The AccessBot provides much in the way of projecting a remote user's presence into a distant meeting. However, much work needs to be done to provide the user with a sense of being an intimate part of the meeting. Hence there are many possible improvements that can be made in the future. The following enumerates just a few of them:

  1. Provide a large plasma display screen at the home station to improve the sense of presence in the meeting for the user.
  2. Explore single computer solutions -- preferably a multiprocessor PC with a high-end video-conferencing board capable of streaming video at NTSC resolution and 30 frames per second with a minimum of latency.
  3. Include a small projector from which remote PowerPoint presentations can be controlled.
  4. Use lighter weight LCD (liquid crystal diode) displays rather than heavy plasma screens; or use projectors to rear-project onto a translucent screen.

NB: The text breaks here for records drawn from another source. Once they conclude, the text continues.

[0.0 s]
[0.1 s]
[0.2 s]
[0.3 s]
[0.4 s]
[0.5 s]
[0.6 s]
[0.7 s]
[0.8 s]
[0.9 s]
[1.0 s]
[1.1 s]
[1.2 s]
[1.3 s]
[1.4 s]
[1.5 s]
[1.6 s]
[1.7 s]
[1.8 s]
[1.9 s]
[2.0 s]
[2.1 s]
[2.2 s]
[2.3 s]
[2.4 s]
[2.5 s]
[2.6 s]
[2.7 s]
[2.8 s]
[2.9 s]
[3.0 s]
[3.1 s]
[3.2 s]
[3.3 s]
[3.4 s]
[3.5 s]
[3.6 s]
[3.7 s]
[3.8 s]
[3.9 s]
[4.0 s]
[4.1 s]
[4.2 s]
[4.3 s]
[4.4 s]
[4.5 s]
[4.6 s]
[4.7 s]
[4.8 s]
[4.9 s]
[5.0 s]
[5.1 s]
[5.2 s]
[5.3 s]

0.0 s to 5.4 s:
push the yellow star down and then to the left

This may require mirrors to shorten the throw distance of the projectors.
  5. Improve the home station user-interface to allow direct tracking of camera based on the region of video selected. This can help greatly reduce the problem of trying to control a camera when the network latency is high.
  6. Explore emerging high-bandwidth wireless technologies to further enable ubiquitous deployment.
  7. Explore forward error correction schemes to compensate for packet losses during video transmission and hence improve video quality.
  8. Improve the manner in which the AccessBot is deployed so that it is able to configure itself for optimum frame rate and video quality.
  9. Build a deployment structure that can house all the AccessBot equipment so that it is transported with all its connections intact. Figure 8 shows an early conceptual sketch of a self-deploying structure.
  10. Make the design symmetric so that both the homestation and the AccessBot are the same device and have the same ability to control each other's remote cameras.


Figure 8: Concept sketch for a self-deploying AccessBot (Image courtesy of Alan Cruz and Mohammad-Ali Khan).

Acknowledgments

We would like to thank Tom Coffin and J. J. Jamison for assisting in the deployment of the AccessBot at the ACCESS Center in Washington, D.C. We would like to thank Maggie Rawlings who pioneered this project while also combating multiple sclerosis.

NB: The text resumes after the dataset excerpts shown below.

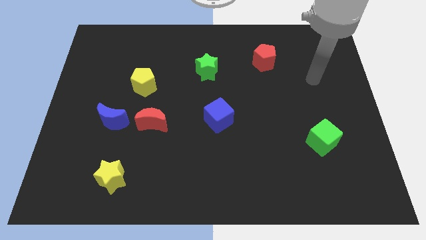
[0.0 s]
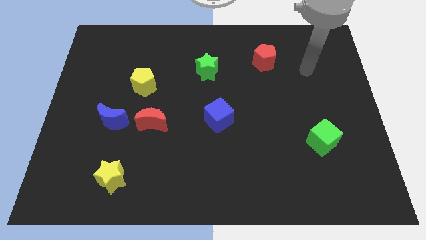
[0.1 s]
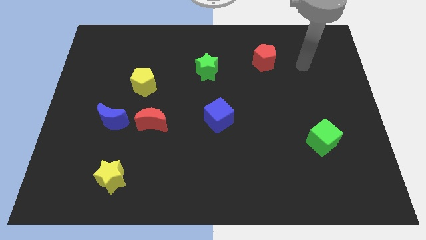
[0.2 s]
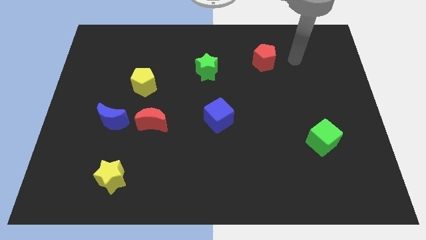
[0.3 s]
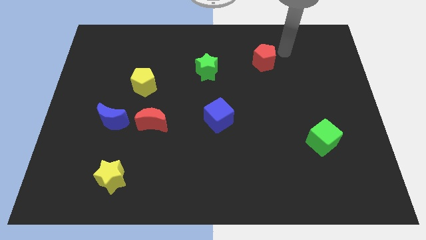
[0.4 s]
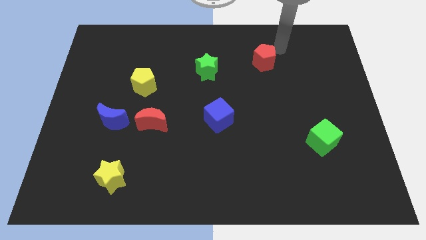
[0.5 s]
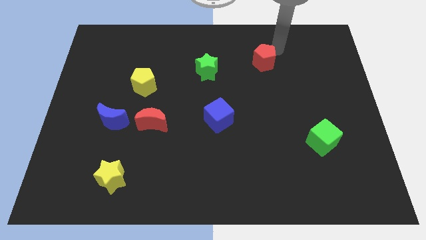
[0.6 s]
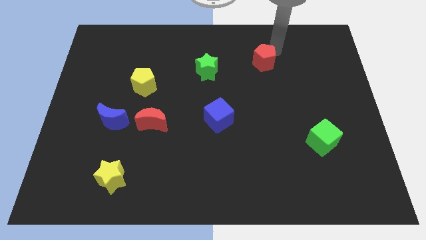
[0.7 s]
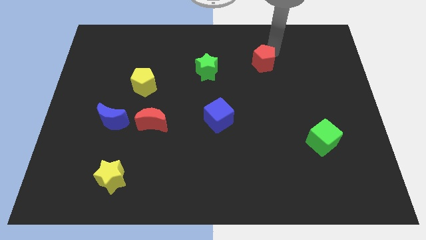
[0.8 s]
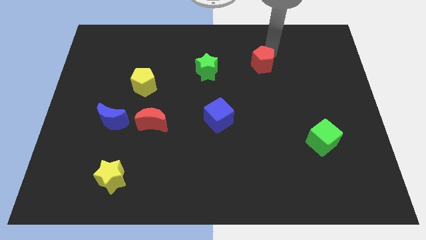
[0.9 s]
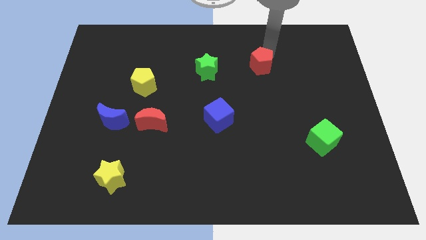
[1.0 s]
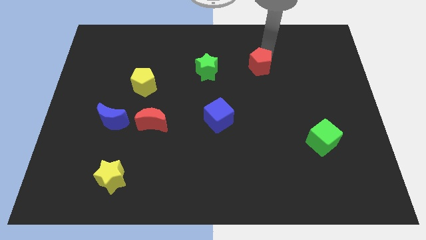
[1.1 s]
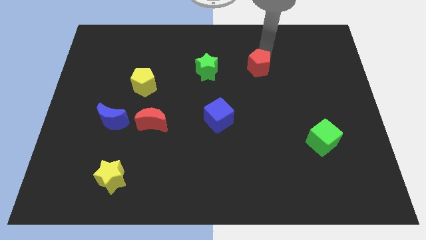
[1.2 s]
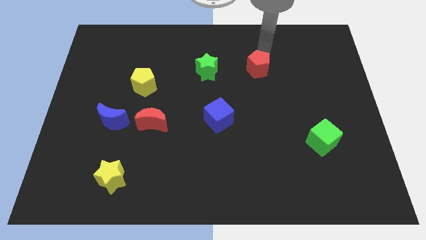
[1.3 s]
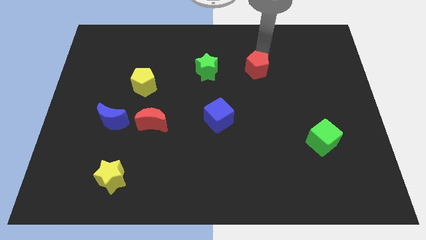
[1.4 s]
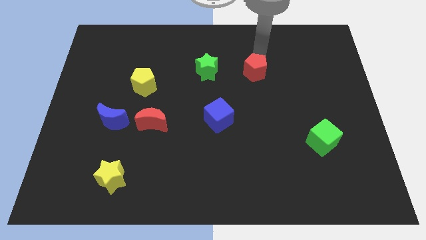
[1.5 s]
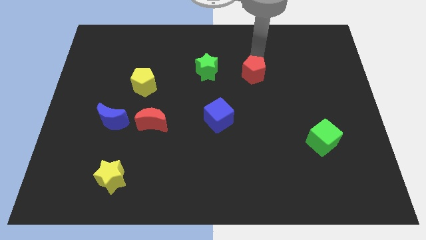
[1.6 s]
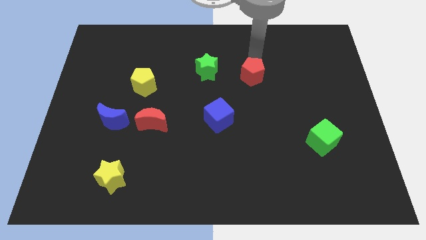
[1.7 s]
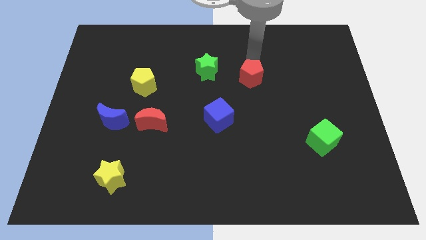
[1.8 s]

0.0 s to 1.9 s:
slide the red pentagon somewhat downwards and left

The research, collaborations, and outreach programs at the Electronic Visualization Laboratory (EVL) at the University of Illinois at Chicago are made possible by major funding from the National Science Foundation (NSF), awards EIA 9720351, EIA-9802090, EIA-9871058, ANI-9712283, ANI-9730202, and ACI-9418068, as well as NSF Partnerships for Advanced Computational Infrastructure (PACI) cooperative agreement ACI-9619019 to the National Computational Science Alliance. EVL also receives major funding from the U.S. Department of Energy (DOE), awards 99ER25388 and 99ER25405, as well as support from the DOE's Accelerated Strategic Computing Initiative (ASCI) Data and Visualization Corridor program.

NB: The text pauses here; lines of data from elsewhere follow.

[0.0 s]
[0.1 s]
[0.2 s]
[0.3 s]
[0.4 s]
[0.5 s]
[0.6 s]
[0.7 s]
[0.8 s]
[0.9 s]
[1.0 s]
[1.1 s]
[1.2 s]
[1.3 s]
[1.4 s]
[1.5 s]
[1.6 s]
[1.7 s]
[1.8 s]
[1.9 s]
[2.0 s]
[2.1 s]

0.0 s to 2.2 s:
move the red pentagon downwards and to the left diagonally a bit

In addition, EVL receives funding from Pacific Interface on behalf of NTT Optical Network Systems Laboratory in Japan. The AccessBot is a trademark of the Board of Trustees of the University of Illinois.

References

  1. Wang, F., Video Avatars in Collaborative Virtual Environments, M.S. Thesis, University of Illinois at Chicago, 1998.
  2. Leigh, J., Johnson, A. E., Brown, M., Sandin, D., DeFanti, T. A., Visualization in Teleimmersive Environments, IEEE Computer, pp. 66-73, Dec. 1999.
  3. Sheridan, T. B., Space Teleoperation through Time Delay: Review and Prognosis, IEEE Transactions on Robotics and Automation, vol. 9, no. 5, October 1993, pp. 592-606.
  4. Hannaford, B., Ground Experiments Toward Space Teleoperation with Time Delay, Teleoperation and Robotics in Space, Chapter 4, 1994, pp. 87-106.
  5. Acker, S., and Levitt, S. Designing videoconference facilities for improved eye contact. Journal of Broadcasting and Electronic Media 31, #2, pp.181-191, 1987.
  6. Abel, M., et al. Telecollaboration Research Project, in Computer Augmented Teamwork by Robert Bostrom, Richard Watson, Susan Kinney, pp. 126-138, Van Nostrand Reinhold, New York, 1992.